D’autres joueurs ont une attitude plus conservatrice à l’égard des marchés émergents. C’est le cas chez certains fonds distincts.

De nombreux facteurs en font en effet des fonds plutôt coûteux en ratio de frais de gestion (RFG) quand on tient compte du prix des garanties des fonds distincts, explique de son côté Geraldo Ferreira, vice-président, développement et marketing des produits de placement chez AEGON Gestion de fonds et Transamerica Vie Canada.

La même réflexion s’applique aux fonds distincts spécialisés en soins de santé et en technologie, précise-t-il. M. Ferreira ajoute que les garanties des fonds distincts sont moins chères quand l’investisseur opte plutôt pour un fonds d’actions équilibré, qui mise sur des titres de multinationales à forte capitalisation.

Finalement, l’investisseur type que ciblent les fonds distincts ne tire pas pleinement parti de ces marchés, croit M. Ferreira. « Ces clients plus âgés n’aiment pas l’instabilité. Ils veulent préserver leur capital et en tirer un rendement convenable. Ils tiennent à faire fructifier leur argent tout en se protégeant des inconvénients qui pourraient survenir, ce que les garanties leur permettent de faire », explique M. Ferreira.

Transamerica n’offre donc pas de fonds distincts exclusivement consacrés aux marchés émergents. Elle y est présente par le truchement de ses portefeuilles diversifiés. Le Portefeuille de croissance audacieuse TOP, entre autres, consacre 9 % de ses actifs au Fonds d’actions de marchés émergents Brandes; son Portefeuille de placement garanti de croissance TOP consacre aussi 5 % de ses actifs à ce fonds.

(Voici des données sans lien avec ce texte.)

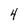
Character: 4
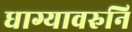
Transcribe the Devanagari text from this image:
धाग्यावरुनि
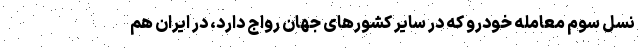
نسل سوم معامله خودرو که در سایر کشورهای جهان رواج دارد، در ایران هم
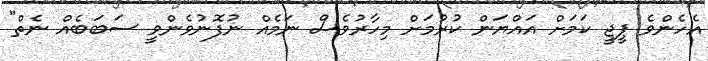
އެހެންވެ ޕީޖީ ކަމަށް އައްޔަން ކުރުމަށް މިހާރުވެސް ނަމެއް ނުފޮނުވެންވީ ސަބަބެއް ނެތް"
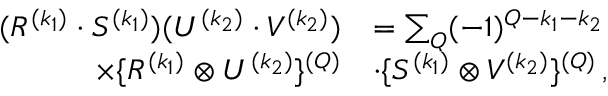
\begin{array} { r l } { ( R ^ { ( k _ { 1 } ) } \cdot S ^ { ( k _ { 1 } ) } ) ( U ^ { ( k _ { 2 } ) } \cdot { V ^ { ( k _ { 2 } ) } } ) } & { = \sum _ { Q } ( - 1 ) ^ { Q - k _ { 1 } - k _ { 2 } } } \\ { \times \{ R ^ { ( k _ { 1 } ) } \otimes U ^ { ( k _ { 2 } ) } \} ^ { ( Q ) } } & { \cdot { \{ S ^ { ( k _ { 1 } ) } \otimes V ^ { ( k _ { 2 } ) } } \} ^ { ( Q ) } \, , } \end{array}
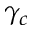
\gamma _ { c }
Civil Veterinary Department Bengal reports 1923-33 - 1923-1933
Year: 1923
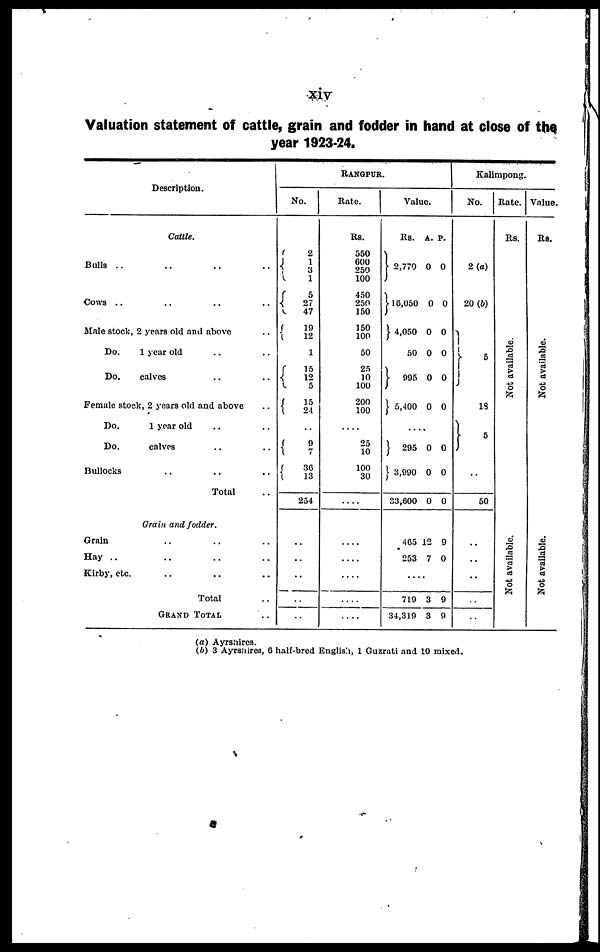
xiv
Valuation statement of cattle, grain and fodder in hand at close of the
year 1923-24.
Description.
Cattle.
Bulls .. .. .. ..
Cows .. .. .. ..
Male stock, 2 years old and above .. ..
Do.
1 year old .. ..
Do.
calves .. ..
Female stock, 2 years old and above
Do.
1 year old .. .. ..
Do.
calves .. .. ..
Bullocks .. .. ..
Total .. ..
Grain and fodder.
Grain .. .. .. ..
Hay .. .. .. ..
Kirby, etc. .. .. .. ..
Total
GRAND TOTAL .. ..
RANGPUR.
No.
2
1
3 1
5
27
47
19
12
1
15
12
5
15
24
..
9
7
30
13
254
..
..
..
..
Rate.
Rs.
550
600
250
100
450
250
150
150
100
50
25
10
100
200
100
....
25
10
100
30
....
....
....
....
....
Value.
Rs.
2,770
16,050
4,050
50
095
1 5,400
....
295
3,900
33,600
405
253
....
719
34,310
A.
0
0
0
0
0
0
0
0
0
12
7
3
3
P.
0
0
0
0
0
0
0
0
0
9
0
9
0
Kalimpong.
No.
2(a)
20 (b)
5
19
5
..
50
..
..
..
..
..
Rate.
Rs.
Not available.
Not available.
Value.
Rs.
Not available.
Not available.
(a) Ayrshires.
(b) 3 Ayrshires, 6 half-bred English, 1 Guzrati and 10 mixed.
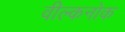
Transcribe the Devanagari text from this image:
वील्कनोक
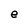
Character: e
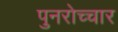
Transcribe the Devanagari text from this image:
पुनरोच्चार
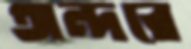
অন্দরে
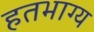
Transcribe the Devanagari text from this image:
हतभाग्य
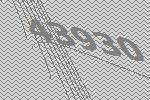
43930
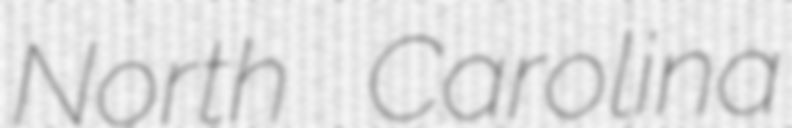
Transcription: North Carolina
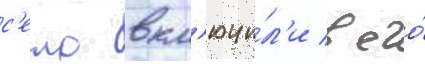
с'ело вкл'ючи́л'и в его́
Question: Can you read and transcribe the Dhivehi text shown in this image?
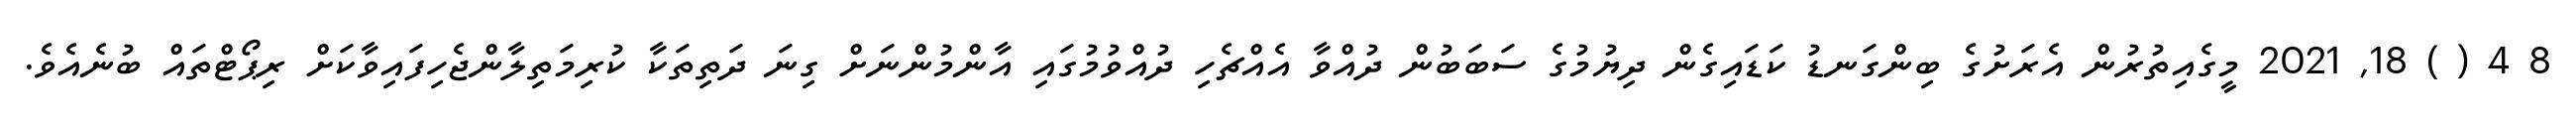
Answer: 8 4 ( ) 18, 2021 މީގެއިތުރުން އެރަށުގެ ބިންގަނޑު ކަޑައިގެން ދިޔުމުގެ ސަބަބުން ދުއްވާ އެއްޗެހި ދުއްވުމުގައި އާންމުންނަށް ގިނަ ދަތިތަކާ ކުރިމަތިލާންޖެހިފައިވާކަށް ރިޕޯޓްތައް ބުނެއެވެ.
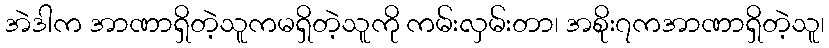
အဲဒါက အာဏာရှိတဲ့သူကမရှိတဲ့သူကို ကမ်းလှမ်းတာ၊ အစိုး၇ကအာဏာရှိတဲ့သူ၊
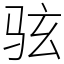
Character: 𫠊
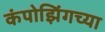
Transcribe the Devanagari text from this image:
कंपोझिंगच्या

Dans l’avenir immédiat, Transamerica ne prévoit pas ajouter d’autres instruments des marchés émergents à sa gamme. « Nous sommes conscients de la valeur des marchés émergents, mais nous croyons qu’il suffit de les intégrer à un portefeuille. »

Toujours dans le secteur des fonds distincts, d’autres entreprises ont décidé de ne pas offrir de fonds des marchés émergents, tel RBC Assurances.